It is obvious that a one-dimensional presentation of the data can hardly show all aspects of the influence of the magnetic field direction on the different anisotropic structure factors. For the same reason, one-dimensional data fitting methods will show application limitations here. Besides the different angle dependence of the two structure factors, they have different strong influences on the total scattering for different Q ranges, i.e. different sample–detector distances. This forces us to apply a two-dimensional data-fitting method with simultaneous fitting of the SD = 4 m and SD = 12 m experimental results. By doing this we obtain not only parameter values for the single particles, but also very reasonable values for the structure factor parameters (see Table 2). Within the error bars, the parameters describing the single particles are the same as obtained by fitting experimental results from dilute samples of the same type (see Table 1[link]) fitted using a different program. Figs. 5[link] and 6[link] show comparisons of the experimental data and the simultaneous fitting results of the complete set of parameters as presented in Tables 1[link] and 2[link]. In Fig. 6[link], only the influence of the cylindrical structure factor is relevant to explain the data.
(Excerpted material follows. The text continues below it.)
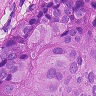
Metastatic tissue present: yes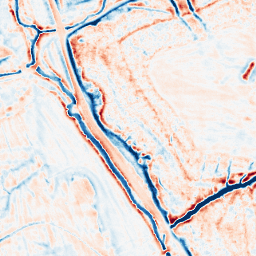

We assume that this structure factor represents the influence of chain-like structures in the ferrofluid, giving rise to low-Q anisotropic scattering. In Fig. 5[link], we observe an interplay between the assumed hexagonal pseudo-crystalline structure and the chain-like correlations. It was essential to apply a simultaneous fit to the two different Q ranges, otherwise the procedure runs into local minima for the SD = 4 m data which cannot explain the SD = 12 m data.

Table 1
Mean values and limits of the 95% confidence intervals for the least-squares fit of SANSPOL data from the concentrated Co-based ferrofluid

The magnetic scattering contrast for [\mu_{0} H] = 1 T was fixed to the cobalt bulk value of 4.14 × 1014 m−2. For the dilute sample, one obtains for the mean particle radius [\mu] = 44 nm and for the shell thickness d = 19 nm. [\eta_{\infty}], [\eta_{{\rm Co}}] and [\eta_{{\rm shell}}] are the neutron nuclear scattering contrasts for the matrix, the shell and the Co core, respectively.

Fitted [\mu] (nm) [\sigma] (nm) d (nm) [\eta_{\infty}] (× 1014 m−2) Vol.%
Mean 5.0 0.9 1.9 1.3 4.9
Error 0.7 0.2 0.3 0.4 0.2
Fixed P [\varepsilon] [L(\beta)] [\eta_{{\rm Co}}] (× 1014 m−2) [\eta_{{\rm shell}}] (× 1014 m−2)
Value 0.93 0.98 1 2.53 0.33

Table 2
Fit results for the structure factor parameters

These values are obtained by a simultaneous fit of the single-particle properties and the inter-particle correlations at SD = 4 m and SD = 12 m.

R (nm) [\sigma R] (nm) L (nm) [\sigma L] (nm) Q100 (nm−1) [\Delta_{100}] (nm−1)
4.7 1.3 35.4 4.2 0.39 0.062
[Figure 5]
Figure 5
Two-dimensional scattering pattern I+ - I-. Experimental data (top) and fit results (bottom) for SD = 4 m and [\Omega] = 0°.
[Figure 6]
Figure 6
Two-dimensional scattering pattern I+ - I-. Experimental data (top) and fit results (bottom) for SD = 12 m and [\Omega] = 0°.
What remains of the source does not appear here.